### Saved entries
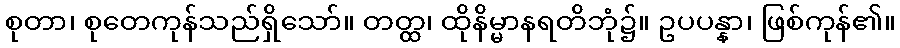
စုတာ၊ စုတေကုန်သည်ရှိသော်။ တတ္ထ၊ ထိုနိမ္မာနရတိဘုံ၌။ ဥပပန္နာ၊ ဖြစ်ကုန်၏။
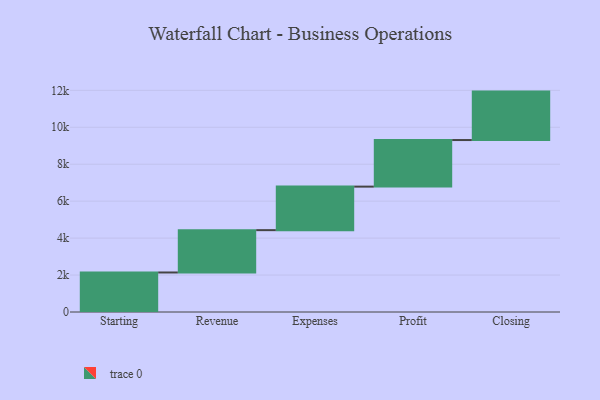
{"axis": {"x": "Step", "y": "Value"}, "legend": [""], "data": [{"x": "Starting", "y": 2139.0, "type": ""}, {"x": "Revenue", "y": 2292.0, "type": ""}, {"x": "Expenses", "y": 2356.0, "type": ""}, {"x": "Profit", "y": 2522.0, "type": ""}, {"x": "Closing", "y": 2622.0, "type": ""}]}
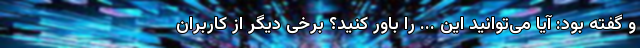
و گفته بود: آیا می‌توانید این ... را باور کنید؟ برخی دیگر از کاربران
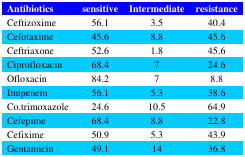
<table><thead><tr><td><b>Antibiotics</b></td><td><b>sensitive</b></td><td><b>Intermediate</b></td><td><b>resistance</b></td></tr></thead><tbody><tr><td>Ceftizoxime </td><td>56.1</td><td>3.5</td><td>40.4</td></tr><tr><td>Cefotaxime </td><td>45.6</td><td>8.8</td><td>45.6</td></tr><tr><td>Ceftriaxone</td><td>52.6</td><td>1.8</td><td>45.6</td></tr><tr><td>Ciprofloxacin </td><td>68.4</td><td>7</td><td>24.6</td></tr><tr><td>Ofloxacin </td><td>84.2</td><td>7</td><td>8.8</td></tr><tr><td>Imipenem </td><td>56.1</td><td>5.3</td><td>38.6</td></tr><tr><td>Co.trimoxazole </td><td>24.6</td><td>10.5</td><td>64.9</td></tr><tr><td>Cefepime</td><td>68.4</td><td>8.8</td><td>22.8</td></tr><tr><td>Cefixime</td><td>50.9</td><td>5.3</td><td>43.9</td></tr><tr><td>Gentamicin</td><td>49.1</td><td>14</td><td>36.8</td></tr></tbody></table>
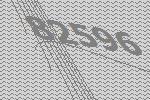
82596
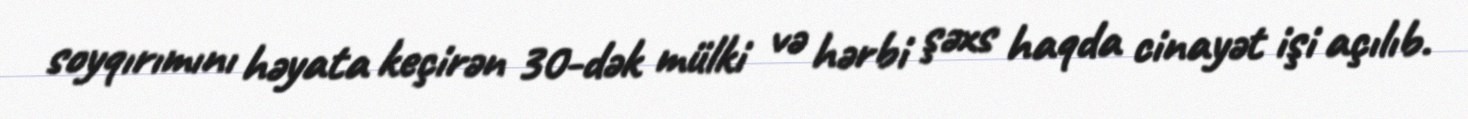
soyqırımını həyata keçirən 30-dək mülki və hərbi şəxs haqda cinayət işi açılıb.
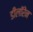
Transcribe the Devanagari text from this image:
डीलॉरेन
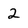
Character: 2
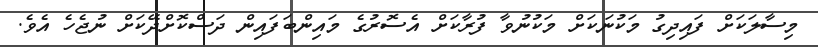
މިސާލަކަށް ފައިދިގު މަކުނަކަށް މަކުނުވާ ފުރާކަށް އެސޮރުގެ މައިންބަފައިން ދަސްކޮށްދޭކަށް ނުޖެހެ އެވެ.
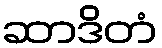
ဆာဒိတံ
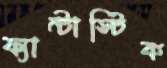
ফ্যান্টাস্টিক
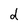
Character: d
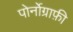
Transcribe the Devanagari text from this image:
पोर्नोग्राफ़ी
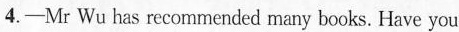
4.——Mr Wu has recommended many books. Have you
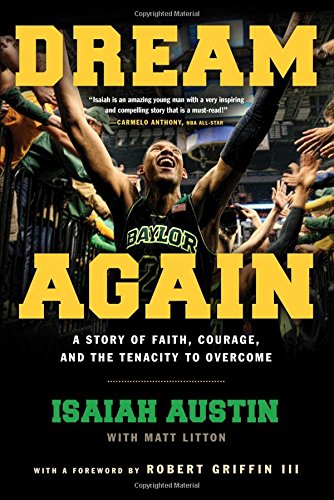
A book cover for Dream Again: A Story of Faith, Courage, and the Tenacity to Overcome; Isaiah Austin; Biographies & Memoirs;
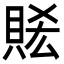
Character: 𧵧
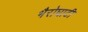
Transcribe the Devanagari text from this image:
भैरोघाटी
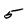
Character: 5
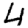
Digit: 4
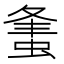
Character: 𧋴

### Action item
Beginning with the line that contains "Character: 2" in the data above, please copy each line exactly until the last line, both ends included, skipping any pictures.

### Task answer
Character: 2
މިސާލަކަށް ފައިދިގު މަކުނަކަށް މަކުނުވާ ފުރާކަށް އެސޮރުގެ މައިންބަފައިން ދަސްކޮށްދޭކަށް ނުޖެހެ އެވެ.
ဆာဒိတံ
ফ্যান্টাস্টিক
Character: d
Transcribe the Devanagari text from this image:
पोर्नोग्राफ़ी
4.——Mr Wu has recommended many books. Have you
A book cover for Dream Again: A Story of Faith, Courage, and the Tenacity to Overcome; Isaiah Austin; Biographies & Memoirs;
Character: 𧵧
Transcribe the Devanagari text from this image:
भैरोघाटी
Character: 5
Digit: 4
Character: 𧋴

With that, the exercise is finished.